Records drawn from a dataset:
----

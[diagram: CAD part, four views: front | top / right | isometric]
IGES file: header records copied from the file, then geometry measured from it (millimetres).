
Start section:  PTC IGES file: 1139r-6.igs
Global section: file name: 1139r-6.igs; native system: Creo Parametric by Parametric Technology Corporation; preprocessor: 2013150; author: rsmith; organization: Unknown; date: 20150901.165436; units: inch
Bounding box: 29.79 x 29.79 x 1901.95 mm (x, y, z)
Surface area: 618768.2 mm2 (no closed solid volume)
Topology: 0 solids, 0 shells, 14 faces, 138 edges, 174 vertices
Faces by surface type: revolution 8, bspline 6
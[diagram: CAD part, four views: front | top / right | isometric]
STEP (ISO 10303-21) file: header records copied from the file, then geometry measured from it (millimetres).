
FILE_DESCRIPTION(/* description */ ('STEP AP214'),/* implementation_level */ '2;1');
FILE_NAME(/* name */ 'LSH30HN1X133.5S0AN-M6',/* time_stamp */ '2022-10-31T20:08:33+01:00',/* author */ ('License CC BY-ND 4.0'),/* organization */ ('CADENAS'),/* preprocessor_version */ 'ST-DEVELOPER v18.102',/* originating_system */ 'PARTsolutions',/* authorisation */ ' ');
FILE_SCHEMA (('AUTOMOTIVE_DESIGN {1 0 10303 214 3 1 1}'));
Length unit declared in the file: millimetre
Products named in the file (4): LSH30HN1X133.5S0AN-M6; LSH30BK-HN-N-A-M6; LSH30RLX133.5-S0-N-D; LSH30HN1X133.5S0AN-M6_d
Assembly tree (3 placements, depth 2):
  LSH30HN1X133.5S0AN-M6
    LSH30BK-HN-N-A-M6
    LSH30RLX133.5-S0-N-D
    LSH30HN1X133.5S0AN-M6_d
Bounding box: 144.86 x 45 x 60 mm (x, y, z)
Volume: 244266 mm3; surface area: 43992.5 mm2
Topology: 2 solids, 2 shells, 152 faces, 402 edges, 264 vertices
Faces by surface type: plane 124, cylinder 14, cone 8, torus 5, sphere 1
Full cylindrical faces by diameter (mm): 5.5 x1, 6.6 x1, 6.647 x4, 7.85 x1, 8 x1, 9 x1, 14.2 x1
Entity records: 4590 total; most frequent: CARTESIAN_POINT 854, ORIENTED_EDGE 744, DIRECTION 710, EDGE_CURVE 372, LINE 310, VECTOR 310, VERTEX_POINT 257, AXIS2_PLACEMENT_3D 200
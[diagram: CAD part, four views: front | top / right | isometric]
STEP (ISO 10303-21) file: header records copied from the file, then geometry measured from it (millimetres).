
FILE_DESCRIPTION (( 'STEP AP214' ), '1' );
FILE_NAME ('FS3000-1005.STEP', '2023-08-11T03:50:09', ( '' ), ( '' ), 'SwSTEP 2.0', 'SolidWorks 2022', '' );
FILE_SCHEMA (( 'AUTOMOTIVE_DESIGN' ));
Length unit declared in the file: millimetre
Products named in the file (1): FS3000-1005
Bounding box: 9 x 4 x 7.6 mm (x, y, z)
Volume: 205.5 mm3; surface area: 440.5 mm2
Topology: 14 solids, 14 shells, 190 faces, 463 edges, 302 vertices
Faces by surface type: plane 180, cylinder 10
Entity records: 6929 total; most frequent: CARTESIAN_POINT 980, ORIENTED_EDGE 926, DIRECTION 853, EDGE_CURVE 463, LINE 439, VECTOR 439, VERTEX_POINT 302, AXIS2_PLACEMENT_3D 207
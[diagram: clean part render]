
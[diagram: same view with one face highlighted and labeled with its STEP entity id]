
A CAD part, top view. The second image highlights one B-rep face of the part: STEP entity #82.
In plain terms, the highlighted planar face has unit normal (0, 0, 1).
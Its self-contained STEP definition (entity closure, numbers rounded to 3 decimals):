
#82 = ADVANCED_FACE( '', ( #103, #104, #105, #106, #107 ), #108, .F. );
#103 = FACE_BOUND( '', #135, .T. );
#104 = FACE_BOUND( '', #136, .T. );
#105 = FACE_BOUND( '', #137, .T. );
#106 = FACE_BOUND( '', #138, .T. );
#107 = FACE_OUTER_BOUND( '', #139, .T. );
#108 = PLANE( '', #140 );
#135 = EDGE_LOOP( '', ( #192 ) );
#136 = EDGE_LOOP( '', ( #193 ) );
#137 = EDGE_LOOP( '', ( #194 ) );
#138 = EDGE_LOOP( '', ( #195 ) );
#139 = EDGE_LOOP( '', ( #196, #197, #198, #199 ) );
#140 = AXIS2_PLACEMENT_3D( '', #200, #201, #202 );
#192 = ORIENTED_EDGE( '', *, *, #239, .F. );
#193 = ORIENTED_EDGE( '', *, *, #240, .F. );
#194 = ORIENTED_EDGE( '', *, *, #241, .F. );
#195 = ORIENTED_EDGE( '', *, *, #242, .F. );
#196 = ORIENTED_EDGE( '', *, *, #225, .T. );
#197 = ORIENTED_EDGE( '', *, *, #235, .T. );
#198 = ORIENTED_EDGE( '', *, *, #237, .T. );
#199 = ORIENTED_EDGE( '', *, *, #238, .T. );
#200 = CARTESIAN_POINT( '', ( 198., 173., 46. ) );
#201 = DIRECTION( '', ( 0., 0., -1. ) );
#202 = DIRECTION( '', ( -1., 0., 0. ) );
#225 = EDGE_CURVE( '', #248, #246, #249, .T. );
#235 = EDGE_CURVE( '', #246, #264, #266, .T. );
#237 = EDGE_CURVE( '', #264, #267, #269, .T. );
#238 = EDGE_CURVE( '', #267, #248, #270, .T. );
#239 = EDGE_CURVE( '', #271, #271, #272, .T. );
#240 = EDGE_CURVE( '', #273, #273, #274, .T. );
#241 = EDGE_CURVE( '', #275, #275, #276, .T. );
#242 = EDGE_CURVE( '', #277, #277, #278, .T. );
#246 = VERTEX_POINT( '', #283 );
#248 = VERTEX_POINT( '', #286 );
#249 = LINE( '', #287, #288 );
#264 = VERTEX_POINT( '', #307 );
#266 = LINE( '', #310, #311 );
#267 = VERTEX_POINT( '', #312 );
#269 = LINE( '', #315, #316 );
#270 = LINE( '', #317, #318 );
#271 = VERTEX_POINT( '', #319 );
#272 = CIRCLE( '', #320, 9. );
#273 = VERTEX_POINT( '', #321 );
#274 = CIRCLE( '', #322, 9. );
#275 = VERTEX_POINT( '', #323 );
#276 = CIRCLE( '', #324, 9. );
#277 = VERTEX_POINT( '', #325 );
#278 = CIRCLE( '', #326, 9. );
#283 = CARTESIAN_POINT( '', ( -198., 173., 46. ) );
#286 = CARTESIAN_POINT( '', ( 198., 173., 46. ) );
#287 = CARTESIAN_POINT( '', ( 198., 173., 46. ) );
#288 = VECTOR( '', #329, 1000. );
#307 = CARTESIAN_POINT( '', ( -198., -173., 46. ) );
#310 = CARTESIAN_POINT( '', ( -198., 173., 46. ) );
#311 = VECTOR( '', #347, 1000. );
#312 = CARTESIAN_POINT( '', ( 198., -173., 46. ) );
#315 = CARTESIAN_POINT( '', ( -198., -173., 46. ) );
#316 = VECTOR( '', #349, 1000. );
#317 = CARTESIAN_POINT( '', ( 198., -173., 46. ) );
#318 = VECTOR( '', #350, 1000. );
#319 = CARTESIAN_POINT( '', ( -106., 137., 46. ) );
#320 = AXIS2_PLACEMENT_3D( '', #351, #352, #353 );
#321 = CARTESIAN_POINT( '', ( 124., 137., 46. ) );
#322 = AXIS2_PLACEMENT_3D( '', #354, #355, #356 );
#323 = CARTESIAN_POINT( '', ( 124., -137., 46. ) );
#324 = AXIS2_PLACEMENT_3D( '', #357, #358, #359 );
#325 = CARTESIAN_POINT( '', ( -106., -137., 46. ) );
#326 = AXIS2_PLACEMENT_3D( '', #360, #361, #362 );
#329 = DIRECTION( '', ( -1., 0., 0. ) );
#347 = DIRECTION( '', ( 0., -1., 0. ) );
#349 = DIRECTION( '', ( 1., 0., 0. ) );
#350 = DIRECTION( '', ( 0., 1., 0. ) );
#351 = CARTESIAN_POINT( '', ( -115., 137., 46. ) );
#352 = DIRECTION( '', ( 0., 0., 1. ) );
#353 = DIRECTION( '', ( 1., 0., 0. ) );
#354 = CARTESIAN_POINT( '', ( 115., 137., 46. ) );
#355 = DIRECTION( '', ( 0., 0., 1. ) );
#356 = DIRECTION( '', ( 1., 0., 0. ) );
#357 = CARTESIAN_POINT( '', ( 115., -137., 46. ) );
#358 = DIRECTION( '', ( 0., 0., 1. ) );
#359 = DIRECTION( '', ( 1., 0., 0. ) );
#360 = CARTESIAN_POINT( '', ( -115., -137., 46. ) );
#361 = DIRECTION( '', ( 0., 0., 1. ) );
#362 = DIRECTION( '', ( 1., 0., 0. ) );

----

» WORK REQUIRED:
All that is needed is the opening run of the data, given again exactly: please include every line from the first through the line with "IGES file: 1139r-6.igs", both ends kept.

» TASK RESULT:
[diagram: CAD part, four views: front | top / right | isometric]
IGES file: header records copied from the file, then geometry measured from it (millimetres).
Start section:  PTC IGES file: 1139r-6.igs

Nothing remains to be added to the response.